On a side note, if you have a Polaris GPU there's never been a better time to list it on eBay and purchase a better GPU for no additional investment. Although much to AMD's chagrin that would likely be an NVIDIA GPU these days, as we await Vega.

Hey, I've got a GPU sitting here idle most of the time. How do I get in on this?

The choice of what cryptocurrency to mine is overwhelming at this point. New altcoins pop up daily, and the market swings dramatically in short periods of time. Regardless of what you do, you should spend some time looking at crypto mining and the fascinating uses of technology that is has spurred.

Ethereum seems like it would be the smart choice, and for the moment it might be. However, Ethereum is proposing a plan to switch to Proof of Stake, which would eliminate mining (from the best of my understanding.) 

In doing some research on current mining techniques, I came across a service called NiceHash. What NiceHash does is connect buyers and sellers of compute power. Buyers pay (in Bitcoin) for a mining power dedicated towards the currency they want to whatever mining pool they would like.

Sellers download the NiceHash miner application and the NiceHash servers dole out the workload accordingly. For their compute power, Sellers are paid in Bitcoin on a specific schedule. Sellers must have a Bitcoin wallet to receive payments — I've used a service called Coinbase for this purpose for years and have been happy with it. 

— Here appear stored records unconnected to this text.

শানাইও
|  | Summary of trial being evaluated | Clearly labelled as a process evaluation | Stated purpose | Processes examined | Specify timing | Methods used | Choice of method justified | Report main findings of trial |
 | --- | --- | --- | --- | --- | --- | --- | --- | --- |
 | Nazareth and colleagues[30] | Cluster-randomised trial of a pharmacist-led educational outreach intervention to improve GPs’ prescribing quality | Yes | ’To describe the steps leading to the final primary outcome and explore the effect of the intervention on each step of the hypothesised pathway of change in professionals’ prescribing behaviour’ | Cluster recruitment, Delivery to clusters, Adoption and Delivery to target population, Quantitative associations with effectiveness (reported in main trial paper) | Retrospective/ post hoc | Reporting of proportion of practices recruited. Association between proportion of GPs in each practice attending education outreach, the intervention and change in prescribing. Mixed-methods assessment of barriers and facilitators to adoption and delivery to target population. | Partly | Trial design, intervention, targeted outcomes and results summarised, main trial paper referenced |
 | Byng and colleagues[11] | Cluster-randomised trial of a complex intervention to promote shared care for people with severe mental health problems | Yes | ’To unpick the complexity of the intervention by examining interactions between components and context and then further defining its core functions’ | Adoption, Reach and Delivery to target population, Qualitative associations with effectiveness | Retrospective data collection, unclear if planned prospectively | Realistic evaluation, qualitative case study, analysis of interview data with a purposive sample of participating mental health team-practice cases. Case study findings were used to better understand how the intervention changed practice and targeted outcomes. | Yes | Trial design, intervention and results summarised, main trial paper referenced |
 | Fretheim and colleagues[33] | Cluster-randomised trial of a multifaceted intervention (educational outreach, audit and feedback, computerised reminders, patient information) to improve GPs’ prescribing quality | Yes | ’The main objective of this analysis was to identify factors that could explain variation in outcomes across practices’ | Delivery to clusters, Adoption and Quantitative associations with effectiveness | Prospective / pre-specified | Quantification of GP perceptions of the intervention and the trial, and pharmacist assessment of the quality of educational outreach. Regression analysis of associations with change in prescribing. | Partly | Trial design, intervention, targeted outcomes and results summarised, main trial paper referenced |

The NiceHash application will benchmark your GPUs to see what settings are optimal for each miner, and automatically switch from currency to currency, depending on the demand they are getting from buyers.

We've been running this application a bit around the office, and I'm impressed at how well it works. NiceHash does take about a 3% cut in the middle, and you aren't going to make the absolute maximum profit possible with your hardware but I think it's pretty close overall. For the convenience of just turning on the application (you can even set it to activate after detecting your PC idle for a certain amount of time), it seems to be worth it for me.

For some quick numbers, at current difficulties and the exchange rate of Bitcoin, we saw a profit of about $3.25/day for an RX 580, $5/day for an AMD R9 Fury X, and about $10/day for a GTX 1080 Ti. (Check out this convenient NiceHash Calculator for your own estimates.)

Power consumption and the cost of electricity was a big concern when we first took a look at Bitcoin mining. However, keep in mind that Bitcoin was only worth $14 when we did our initial analysis. Now that Bitcoin is worth so much more, power consumption for us in Kentucky was only totaling about 10% of our gross profit from mining. For some more information about power costs versus system power, you can check out our previous article.

For those of you naturally thinking about how many GPUs you can cram into a system, stay tuned for some future content from PCPer.

Please note: These rates are very subject to change. If you're thinking of buying a ton of extra hardware to mine, with the hope of paying it off and making a profit in a couple of months please be aware that the price of Bitcoin fluctuates and these numbers may not be sustainable.

Also keep in mind that, operating a GPU at 100% load constantly could shorten the lifespan of your hardware.

However, if you've been hearing about this mining stuff and want to give it a try I think that NiceHash is a nice way to learn about the process and get your feet wet before you move onto bigger and better things.